The XML Schema Recommendation explicitly states that
the inclusion of schemaLocation/ noNamespaceSchemaLocation attributes in the
instance document is only a hint; it does not mandate that these attributes
must be used to locate schemas. This property allows the user to specify the
no target namespace XML Schema Location externally. If specified, the instance
document's noNamespaceSchemaLocation attribute will be effectively ignored.
Value
The syntax is the same as for the noNamespaceSchemaLocation
attribute that may occur in an instance document: e.g."file_name.xsd".
Value Type
XMLCh*
XMLUni Predefined Constant:
fgXercesSchemaExternalNoNameSpaceSchemaLocation
http://apache.org/xml/properties/scannerName
Description
This property allows the user to specify the name of
the XMLScanner to use for scanning XML documents. If not specified, the default
scanner "IGXMLScanner" is used.
Value
The recognized scanner names are:
1."WFXMLScanner" - scanner that performs well-formedness checking only.

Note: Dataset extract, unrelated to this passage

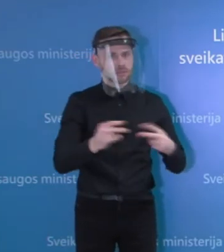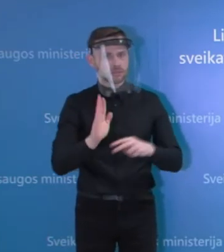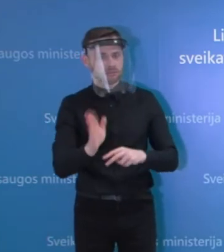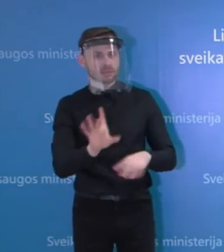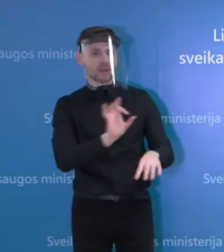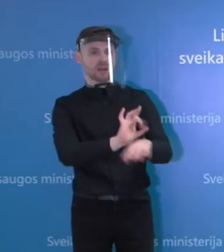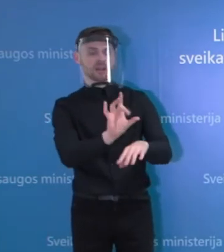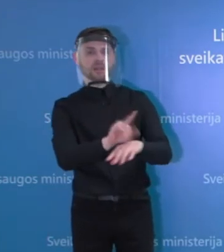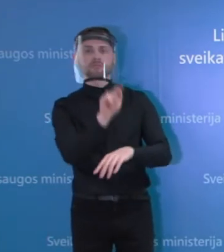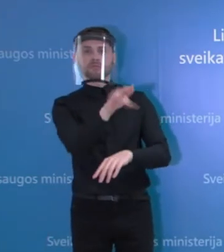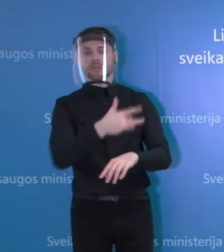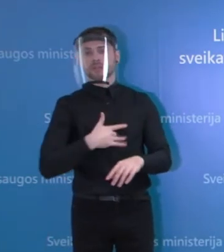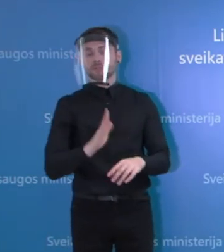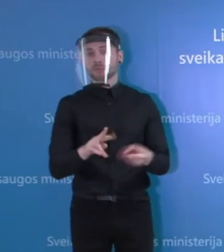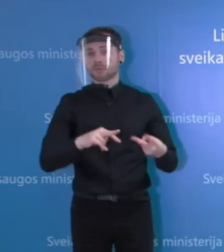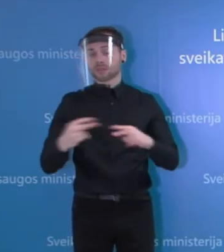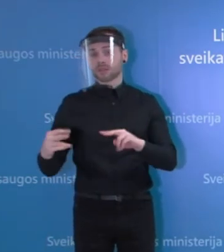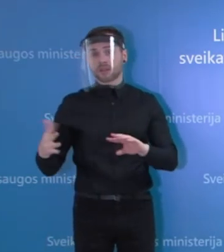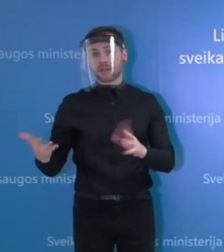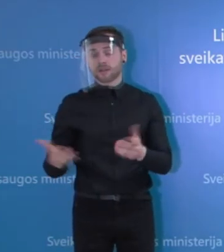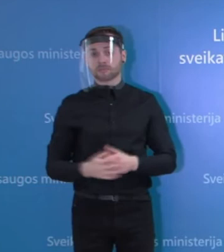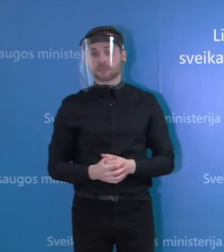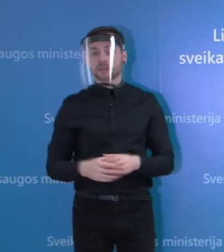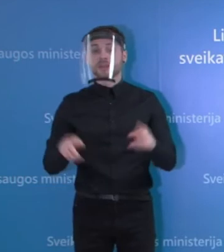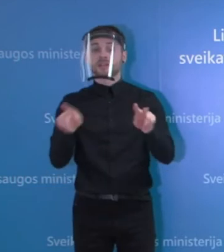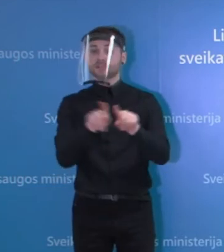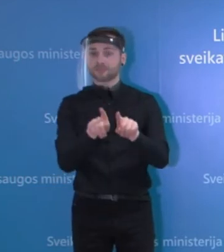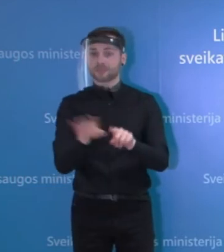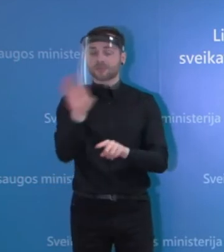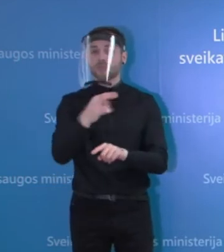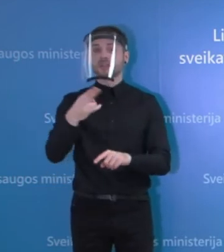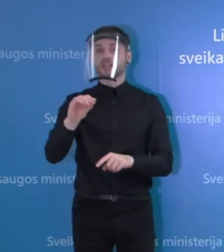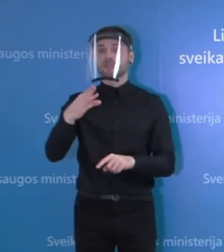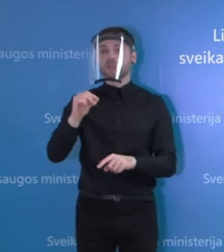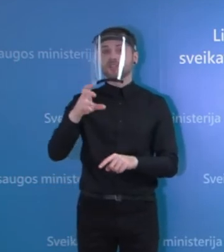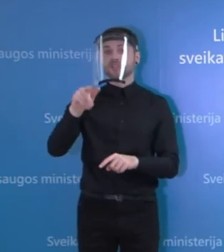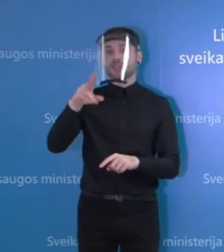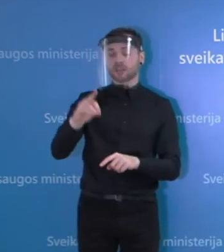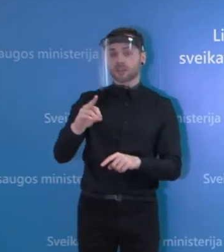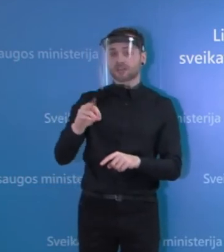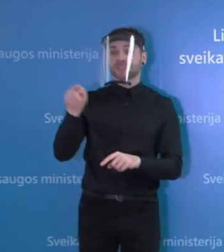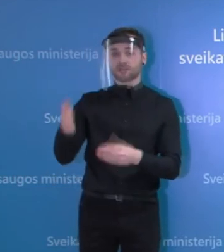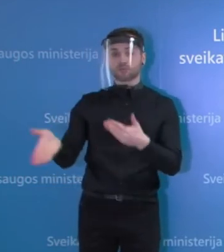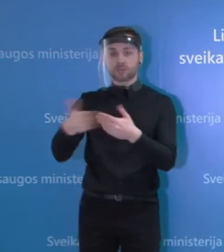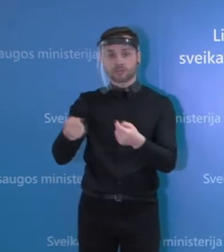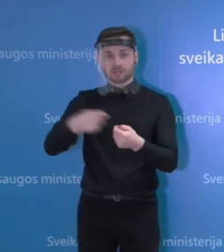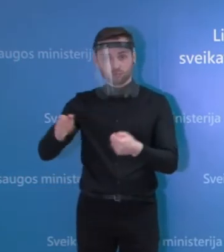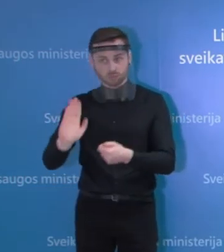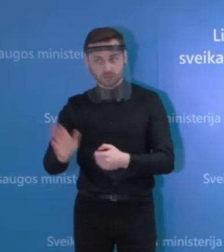klaipadoj įvedami panašus kaip nemenčinėje, ir tuo pačiu dėl nemenčinės, ar bus pratestas nemenčinės uždarimas?

2. "DGXMLScanner" - scanner that handles XML documents with DTD grammar information.
3. "SGXMLScanner" - scanner that handles XML documents with XML schema grammar information.

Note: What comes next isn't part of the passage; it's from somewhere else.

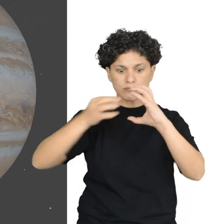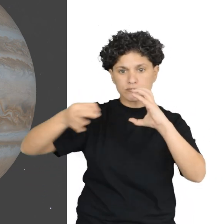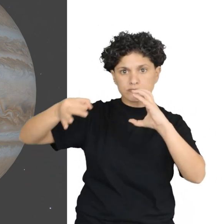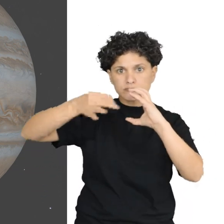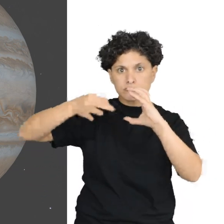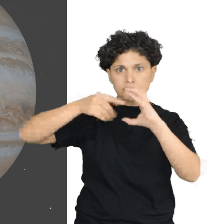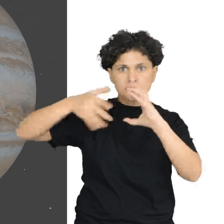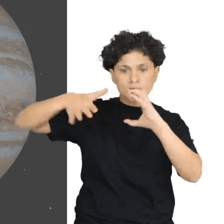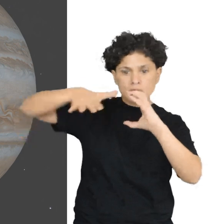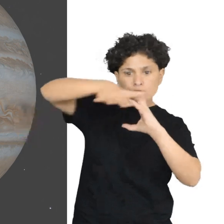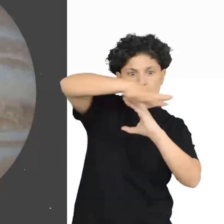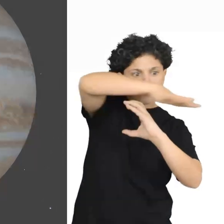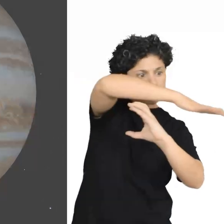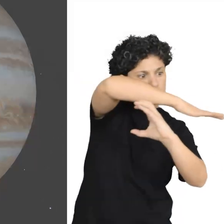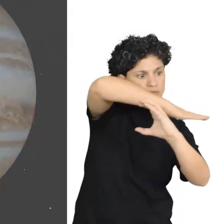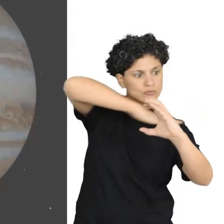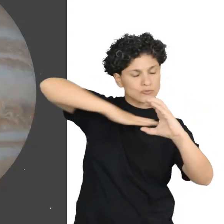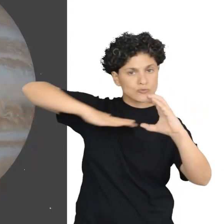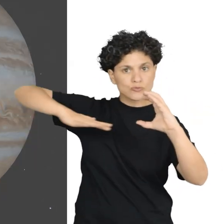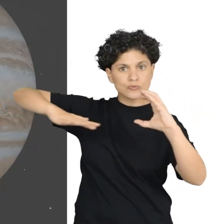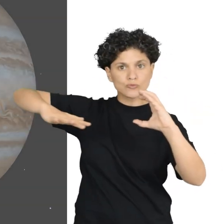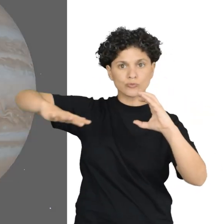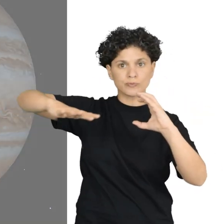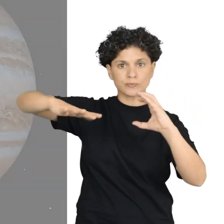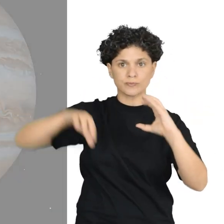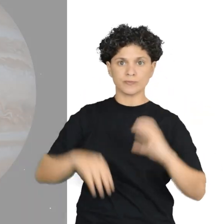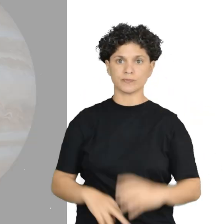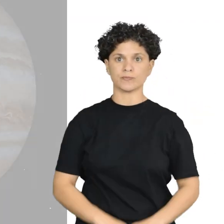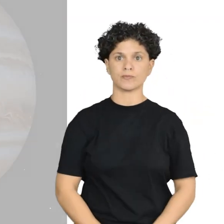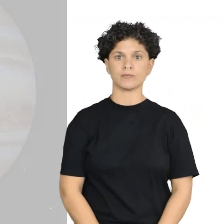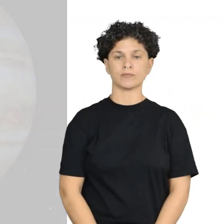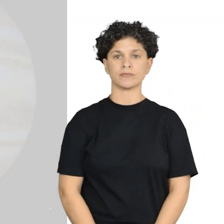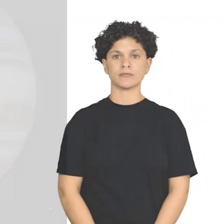Encontrarse a La definición oficial Astronómica Internacional Internacional La definición oficial de la Unión Astronómica Internacional Equino Pronómetro Planeo

4. "IGXMLScanner" - scanner that handles XML documents with DTD or/and XML schema grammar information.
Users can use the predefined constants defined in XMLUni directly (fgWFXMLScanner, fgDGXMLScanner,
fgSGXMLScanner, or fgIGXMLScanner) or a string that matches the value of
one of those constants.
Value Type
XMLCh*
XMLUni Predefined Constant:
fgXercesScannerName
note:
See Use Specific Scanner
for more programming details.
http://apache.org/xml/properties/security-manager
Description
Certain valid XML and XML Schema constructs can force a
processor to consume more system resources than an
application may wish. In fact, certain features could
be exploited by malicious document writers to produce a
denial-of-service attack. This property allows
applications to impose limits on the amount of
resources the processor will consume while processing
these constructs.
Value
An instance of the SecurityManager class (see
xercesc/util/SecurityManager). This
class's documentation describes the particular limits
that may be set. Note that, when instantiated, default
values for limits that should be appropriate in most
settings are provided. The default implementation is
not thread-safe; if thread-safety is required, the
application should extend this class, overriding
methods appropriately. The parser will not adopt the
SecurityManager instance; the application is
responsible for deleting it when it is finished with
it. If no SecurityManager instance has been provided to
the parser (the default) then processing strictly
conforming to the relevant specifications will be
performed.
Value Type
SecurityManager*
XMLUni Predefined Constant:
fgXercesSecurityManager
http://apache.org/xml/properties/low-water-mark
Description
If the number of available bytes in the raw buffer is less than
the low water mark the parser will attempt to read more data before
continuing parsing. By default the value for this parameter is 100
bytes. You may want to set this parameter to 0 if you would like
the parser to parse the available data immediately without
potentially blocking while waiting for more date.
Value
New low water mark.
Value Type
XMLSize_t*
XMLUni Predefined Constant:
fgXercesLowWaterMark
setInputBufferSize(const size_t bufferSize)
Description
Set maximum input buffer size.
This method allows users to limit the size of buffers used in parsing
XML character data. The effect of setting this size is to limit the
size of a ContentHandler::characters() call.
The parser's default input buffer size is 1 megabyte.